# Instructions for the task
In the entries below, every line with the string "Landolt" is to be reported.

___ Provided records

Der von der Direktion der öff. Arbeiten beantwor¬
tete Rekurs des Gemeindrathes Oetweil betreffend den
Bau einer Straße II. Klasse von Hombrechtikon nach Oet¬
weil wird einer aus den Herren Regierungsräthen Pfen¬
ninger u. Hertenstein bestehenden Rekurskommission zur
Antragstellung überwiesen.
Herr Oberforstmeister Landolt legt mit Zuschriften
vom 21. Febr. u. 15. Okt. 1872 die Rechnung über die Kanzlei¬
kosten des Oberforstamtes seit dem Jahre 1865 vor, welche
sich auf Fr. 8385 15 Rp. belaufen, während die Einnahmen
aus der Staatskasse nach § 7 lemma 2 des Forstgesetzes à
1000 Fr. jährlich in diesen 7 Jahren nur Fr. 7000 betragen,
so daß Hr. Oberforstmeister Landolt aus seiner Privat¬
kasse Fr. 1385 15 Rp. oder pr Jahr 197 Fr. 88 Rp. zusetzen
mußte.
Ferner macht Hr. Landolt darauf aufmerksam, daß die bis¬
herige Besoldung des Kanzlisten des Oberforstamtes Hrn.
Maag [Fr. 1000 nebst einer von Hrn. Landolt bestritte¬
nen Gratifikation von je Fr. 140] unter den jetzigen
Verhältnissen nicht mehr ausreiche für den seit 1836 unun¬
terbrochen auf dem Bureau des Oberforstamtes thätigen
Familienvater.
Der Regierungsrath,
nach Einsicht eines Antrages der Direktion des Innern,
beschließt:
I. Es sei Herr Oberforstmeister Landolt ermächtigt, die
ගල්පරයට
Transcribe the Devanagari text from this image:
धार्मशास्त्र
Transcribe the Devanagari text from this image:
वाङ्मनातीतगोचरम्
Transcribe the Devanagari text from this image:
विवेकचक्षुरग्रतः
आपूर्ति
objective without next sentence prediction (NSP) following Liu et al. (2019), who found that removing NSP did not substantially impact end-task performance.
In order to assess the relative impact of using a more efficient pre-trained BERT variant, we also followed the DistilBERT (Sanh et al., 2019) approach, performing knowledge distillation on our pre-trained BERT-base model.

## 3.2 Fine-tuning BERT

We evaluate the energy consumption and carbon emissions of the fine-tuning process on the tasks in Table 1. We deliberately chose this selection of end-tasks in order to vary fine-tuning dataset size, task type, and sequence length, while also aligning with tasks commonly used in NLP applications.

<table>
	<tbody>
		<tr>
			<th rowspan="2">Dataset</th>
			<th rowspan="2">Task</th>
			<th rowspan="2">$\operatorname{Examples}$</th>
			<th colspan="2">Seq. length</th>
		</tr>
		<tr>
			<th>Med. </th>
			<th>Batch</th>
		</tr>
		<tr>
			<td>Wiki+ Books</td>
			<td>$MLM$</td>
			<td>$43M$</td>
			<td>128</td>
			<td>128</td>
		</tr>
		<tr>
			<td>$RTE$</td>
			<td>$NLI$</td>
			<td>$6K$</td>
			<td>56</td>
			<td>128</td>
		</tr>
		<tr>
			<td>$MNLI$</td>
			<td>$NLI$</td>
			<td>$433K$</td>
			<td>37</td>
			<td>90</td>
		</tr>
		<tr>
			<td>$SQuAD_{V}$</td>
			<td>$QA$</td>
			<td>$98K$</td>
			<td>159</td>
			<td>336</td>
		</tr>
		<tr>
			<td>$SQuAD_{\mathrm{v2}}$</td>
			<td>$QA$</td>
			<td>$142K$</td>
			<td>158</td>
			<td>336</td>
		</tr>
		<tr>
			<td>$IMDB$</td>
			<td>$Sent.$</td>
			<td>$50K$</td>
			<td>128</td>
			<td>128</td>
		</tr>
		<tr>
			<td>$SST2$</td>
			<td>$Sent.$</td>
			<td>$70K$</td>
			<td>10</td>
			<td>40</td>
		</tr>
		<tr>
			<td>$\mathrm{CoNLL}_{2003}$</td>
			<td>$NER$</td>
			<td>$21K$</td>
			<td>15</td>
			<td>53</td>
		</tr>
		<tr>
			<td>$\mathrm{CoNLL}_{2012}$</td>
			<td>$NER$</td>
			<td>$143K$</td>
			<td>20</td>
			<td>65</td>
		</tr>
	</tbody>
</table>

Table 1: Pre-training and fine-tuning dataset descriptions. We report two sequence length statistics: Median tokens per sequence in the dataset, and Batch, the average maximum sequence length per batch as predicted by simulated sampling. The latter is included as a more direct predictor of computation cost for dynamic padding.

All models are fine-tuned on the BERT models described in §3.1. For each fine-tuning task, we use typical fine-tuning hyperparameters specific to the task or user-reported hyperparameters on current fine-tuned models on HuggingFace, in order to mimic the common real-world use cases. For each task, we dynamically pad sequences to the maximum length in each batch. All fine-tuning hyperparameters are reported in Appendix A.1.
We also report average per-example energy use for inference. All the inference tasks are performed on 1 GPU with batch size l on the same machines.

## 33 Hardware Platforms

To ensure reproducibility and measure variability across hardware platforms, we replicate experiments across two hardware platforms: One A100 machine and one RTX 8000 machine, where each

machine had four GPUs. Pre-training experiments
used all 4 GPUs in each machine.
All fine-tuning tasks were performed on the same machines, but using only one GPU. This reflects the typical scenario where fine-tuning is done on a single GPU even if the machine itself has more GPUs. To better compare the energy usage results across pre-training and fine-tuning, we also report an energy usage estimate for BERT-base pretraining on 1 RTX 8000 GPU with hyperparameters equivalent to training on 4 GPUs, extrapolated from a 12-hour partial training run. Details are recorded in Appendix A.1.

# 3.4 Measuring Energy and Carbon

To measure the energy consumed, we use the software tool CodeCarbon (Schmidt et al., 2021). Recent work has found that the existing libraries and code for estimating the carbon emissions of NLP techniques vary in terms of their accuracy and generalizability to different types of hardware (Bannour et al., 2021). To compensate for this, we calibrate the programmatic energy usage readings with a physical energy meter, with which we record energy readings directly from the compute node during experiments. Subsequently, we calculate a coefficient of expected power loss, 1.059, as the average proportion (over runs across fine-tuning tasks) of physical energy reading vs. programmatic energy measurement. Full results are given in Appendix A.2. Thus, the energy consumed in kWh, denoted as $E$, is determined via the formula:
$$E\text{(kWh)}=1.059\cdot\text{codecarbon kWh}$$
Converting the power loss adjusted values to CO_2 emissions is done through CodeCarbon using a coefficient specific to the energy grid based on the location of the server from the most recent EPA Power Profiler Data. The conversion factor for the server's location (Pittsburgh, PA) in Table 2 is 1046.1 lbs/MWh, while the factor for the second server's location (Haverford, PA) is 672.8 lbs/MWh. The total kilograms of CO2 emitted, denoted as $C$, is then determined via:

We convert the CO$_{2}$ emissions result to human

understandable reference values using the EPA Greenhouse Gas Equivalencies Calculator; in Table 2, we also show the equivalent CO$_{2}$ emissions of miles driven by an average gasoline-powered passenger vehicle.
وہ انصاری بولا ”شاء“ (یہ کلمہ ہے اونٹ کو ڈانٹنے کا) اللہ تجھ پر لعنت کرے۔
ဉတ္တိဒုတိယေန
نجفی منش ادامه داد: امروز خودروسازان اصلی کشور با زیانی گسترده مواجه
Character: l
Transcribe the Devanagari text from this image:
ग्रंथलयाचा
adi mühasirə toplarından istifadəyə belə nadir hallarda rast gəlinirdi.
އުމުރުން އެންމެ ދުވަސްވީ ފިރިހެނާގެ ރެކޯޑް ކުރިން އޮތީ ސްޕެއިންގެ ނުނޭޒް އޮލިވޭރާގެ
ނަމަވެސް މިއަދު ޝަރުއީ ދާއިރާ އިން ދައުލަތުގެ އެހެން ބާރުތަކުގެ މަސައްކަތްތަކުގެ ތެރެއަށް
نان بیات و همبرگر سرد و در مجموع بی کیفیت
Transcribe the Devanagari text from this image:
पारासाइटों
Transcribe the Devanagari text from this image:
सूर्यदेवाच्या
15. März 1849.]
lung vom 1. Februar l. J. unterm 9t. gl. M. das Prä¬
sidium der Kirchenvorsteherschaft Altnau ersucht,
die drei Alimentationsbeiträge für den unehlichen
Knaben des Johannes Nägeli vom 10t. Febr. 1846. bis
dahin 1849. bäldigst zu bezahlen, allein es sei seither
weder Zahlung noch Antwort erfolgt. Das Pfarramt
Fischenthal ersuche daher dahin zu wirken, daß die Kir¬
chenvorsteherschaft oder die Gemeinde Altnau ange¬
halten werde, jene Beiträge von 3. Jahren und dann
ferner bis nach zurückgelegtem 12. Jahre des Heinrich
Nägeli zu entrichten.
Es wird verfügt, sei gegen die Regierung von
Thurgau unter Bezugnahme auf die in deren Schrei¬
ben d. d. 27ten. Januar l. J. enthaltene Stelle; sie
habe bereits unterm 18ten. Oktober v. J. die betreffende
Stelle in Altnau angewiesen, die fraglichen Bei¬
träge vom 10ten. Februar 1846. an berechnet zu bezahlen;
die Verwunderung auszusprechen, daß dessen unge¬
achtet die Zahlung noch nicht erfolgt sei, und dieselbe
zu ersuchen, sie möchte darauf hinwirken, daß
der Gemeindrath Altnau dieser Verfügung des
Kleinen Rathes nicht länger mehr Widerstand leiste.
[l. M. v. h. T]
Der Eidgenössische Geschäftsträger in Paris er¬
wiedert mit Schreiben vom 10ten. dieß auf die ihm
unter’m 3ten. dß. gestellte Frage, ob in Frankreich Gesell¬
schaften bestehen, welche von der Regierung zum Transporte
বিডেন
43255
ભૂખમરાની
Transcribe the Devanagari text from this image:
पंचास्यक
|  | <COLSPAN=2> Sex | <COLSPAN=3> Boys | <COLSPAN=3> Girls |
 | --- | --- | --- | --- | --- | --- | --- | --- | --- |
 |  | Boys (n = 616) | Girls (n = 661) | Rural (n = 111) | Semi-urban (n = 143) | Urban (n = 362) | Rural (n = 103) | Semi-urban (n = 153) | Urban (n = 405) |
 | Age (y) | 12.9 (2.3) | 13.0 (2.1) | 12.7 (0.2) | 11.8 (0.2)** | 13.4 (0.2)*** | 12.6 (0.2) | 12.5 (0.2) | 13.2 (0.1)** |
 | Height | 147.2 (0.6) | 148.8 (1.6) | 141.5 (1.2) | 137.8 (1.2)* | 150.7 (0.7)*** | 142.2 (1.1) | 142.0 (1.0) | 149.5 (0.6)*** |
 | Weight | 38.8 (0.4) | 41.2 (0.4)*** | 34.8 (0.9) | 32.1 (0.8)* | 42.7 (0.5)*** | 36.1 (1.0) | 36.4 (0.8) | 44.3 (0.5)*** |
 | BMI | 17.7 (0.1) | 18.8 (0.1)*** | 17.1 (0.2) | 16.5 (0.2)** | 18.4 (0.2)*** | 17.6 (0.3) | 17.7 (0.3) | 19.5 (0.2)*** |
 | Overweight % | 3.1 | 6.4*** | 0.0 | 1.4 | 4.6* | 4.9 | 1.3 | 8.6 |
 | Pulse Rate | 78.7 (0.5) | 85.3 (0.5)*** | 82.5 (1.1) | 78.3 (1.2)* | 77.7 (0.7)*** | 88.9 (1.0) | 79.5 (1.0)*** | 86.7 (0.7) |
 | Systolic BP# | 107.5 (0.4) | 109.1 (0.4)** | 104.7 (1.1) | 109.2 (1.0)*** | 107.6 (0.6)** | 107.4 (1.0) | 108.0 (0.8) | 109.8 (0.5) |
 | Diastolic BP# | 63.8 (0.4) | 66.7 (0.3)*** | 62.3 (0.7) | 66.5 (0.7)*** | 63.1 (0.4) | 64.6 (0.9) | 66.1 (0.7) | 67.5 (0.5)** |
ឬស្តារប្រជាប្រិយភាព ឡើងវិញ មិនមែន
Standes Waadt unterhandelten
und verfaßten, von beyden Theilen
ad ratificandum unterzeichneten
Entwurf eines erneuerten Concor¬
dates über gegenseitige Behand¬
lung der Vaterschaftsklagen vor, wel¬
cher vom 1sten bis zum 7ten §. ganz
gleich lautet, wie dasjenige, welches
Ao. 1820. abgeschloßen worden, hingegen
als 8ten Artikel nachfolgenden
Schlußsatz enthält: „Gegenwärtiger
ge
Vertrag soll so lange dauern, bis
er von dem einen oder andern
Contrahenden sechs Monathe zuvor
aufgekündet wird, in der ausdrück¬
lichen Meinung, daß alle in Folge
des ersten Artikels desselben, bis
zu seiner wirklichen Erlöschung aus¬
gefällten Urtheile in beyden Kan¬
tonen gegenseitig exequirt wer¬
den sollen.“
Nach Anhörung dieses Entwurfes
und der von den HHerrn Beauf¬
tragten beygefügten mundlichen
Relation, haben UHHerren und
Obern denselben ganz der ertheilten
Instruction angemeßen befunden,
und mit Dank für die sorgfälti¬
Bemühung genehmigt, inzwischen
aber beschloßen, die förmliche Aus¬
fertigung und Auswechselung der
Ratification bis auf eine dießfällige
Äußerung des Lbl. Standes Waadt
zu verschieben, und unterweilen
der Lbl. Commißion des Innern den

______

# Answer space
Herr Oberforstmeister Landolt legt mit Zuschriften
so daß Hr. Oberforstmeister Landolt aus seiner Privat¬
Ferner macht Hr. Landolt darauf aufmerksam, daß die bis¬
Maag [Fr. 1000 nebst einer von Hrn. Landolt bestritte¬
I. Es sei Herr Oberforstmeister Landolt ermächtigt, die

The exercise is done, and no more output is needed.